若不是因为这一出,孟爰爰还未曾留意过甘棠。在她的印象中,甘棠曾在诗社上夸她有福相,现在想来不过是在提前讨好她,想必那时候甘棠就有做齐光小老婆的想法了。

孟爰爰与齐光闹别扭不久,便发生了一件让孟爰爰性情大变的事。她放生的黑猫不知为何忽然扑向了散步的她,已经接近临盆的胎儿在孟爰爰猝然摔倒后早产,刚出娘胎便断气了。

孟爰爰在病**躺了三天才能下床,她睁着眼睛,看着天花板,最后又闭上眼睛。仿佛闭上眼,她的孩子便还在。

齐光的悲伤不亚于孟爰爰,他不忍面对悲怆的孟爰爰,独自在知白酒楼喝闷酒。

甘棠犹如不散的阴魂,悄然地坐到了他对面。甘棠无意间提起了那只黑猫,说孟爰爰曾经花高价买下了那只猫,别人一直不清楚猫的用途,现下想起来,还有些可怕。

“原来夫人买猫,做的是这样的打算。”

齐光不等她说完,已经摔了酒碗往家跑。齐光将还在**抹泪的孟爰爰揪起,恶狠狠地质问她:“你早就不想要这个孩子了对不对?”

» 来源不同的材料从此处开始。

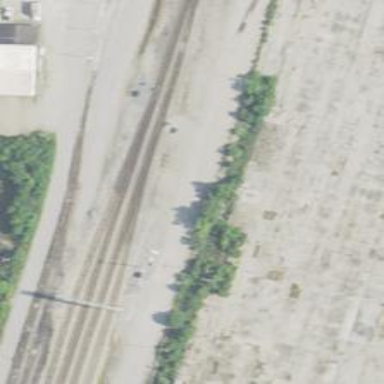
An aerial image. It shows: Railway siding with rails.

孟爰爰只是怔怔的,她还沉浸在失去孩子的悲痛之中,面对齐光的质问,她的脑子一片空白。

孟爰爰没有立刻辩解,齐光便认为她一定是故意的。齐光嘴唇哆嗦着,因过于愤怒而瞪大的双眸藏着深切的苦痛。

他也曾浪子回头,曾三番五次忏悔,他自问就算有对不起孟爰爰的地方,孟爰爰也不至于用孩子报复他。毕竟那是一条鲜活的生命,那是他们爱情的结晶。

等齐光甩袖要离去的时候,孟爰爰才回过神,她拽着齐光的袖口,哭得不能自已:“不是你想的那样……”

齐光甩开她,现在的他听不进任何解释。

齐光多日未归家,婆婆得知孙子出事,对孟爰爰的态度更是恶到了心坎,恨不能让孟爰爰即刻给孙儿陪葬。

婆婆得知黑猫是孟爰爰所买,当即命人抓孟爰爰到祠堂。

齐光得知此事,忙不迭赶了回来。但听说是因为黑猫一事,齐光便乖乖地站在了婆婆身边。

孟爰爰求齐光救救她,她扑了上去,跪在齐光面前,哭着忏悔:“我买它的时候或许有过一闪而过的歹念,但是后来我就不想了。这是一场意外,我不是故意的……”

齐光沉默得如一尊雕塑,孟爰爰被人拖到长凳上,家法伺候。

她凄厉的喊声响彻祠堂,这里的每一个人都像修罗一样面目可憎,孟爰爰的喊叫从求饶变成咒骂。

她骂齐光负心,她骂自己贪心,她骂婆婆黑心……

婆婆怒不可遏,又命人掌孟爰爰的嘴,眼见孟爰爰浑身是血狼狈不堪,齐光终于想起两人的夫妻情分,让婆婆手下留情。

当夜,婆婆便当着所有人的面宣布将孟爰爰降为平妻,并声称她是齐家的耻辱,死后也不得入齐家宗祠。

齐光上前扶孟爰爰,孟爰爰却啐了他一口,冷笑道:“我现在才发现,孩子没活下来,是他的福气。”

自那以后,孟爰爰便疯了似的,见谁都要奚落一番。尤其是齐光,只要她看见齐光,便要冷言冷语相对。

她不仅恨,而且悔。若知道嫁给齐光会落得这般下场,她宁可一辈子做烟花女子,也不消受齐家的富贵恩。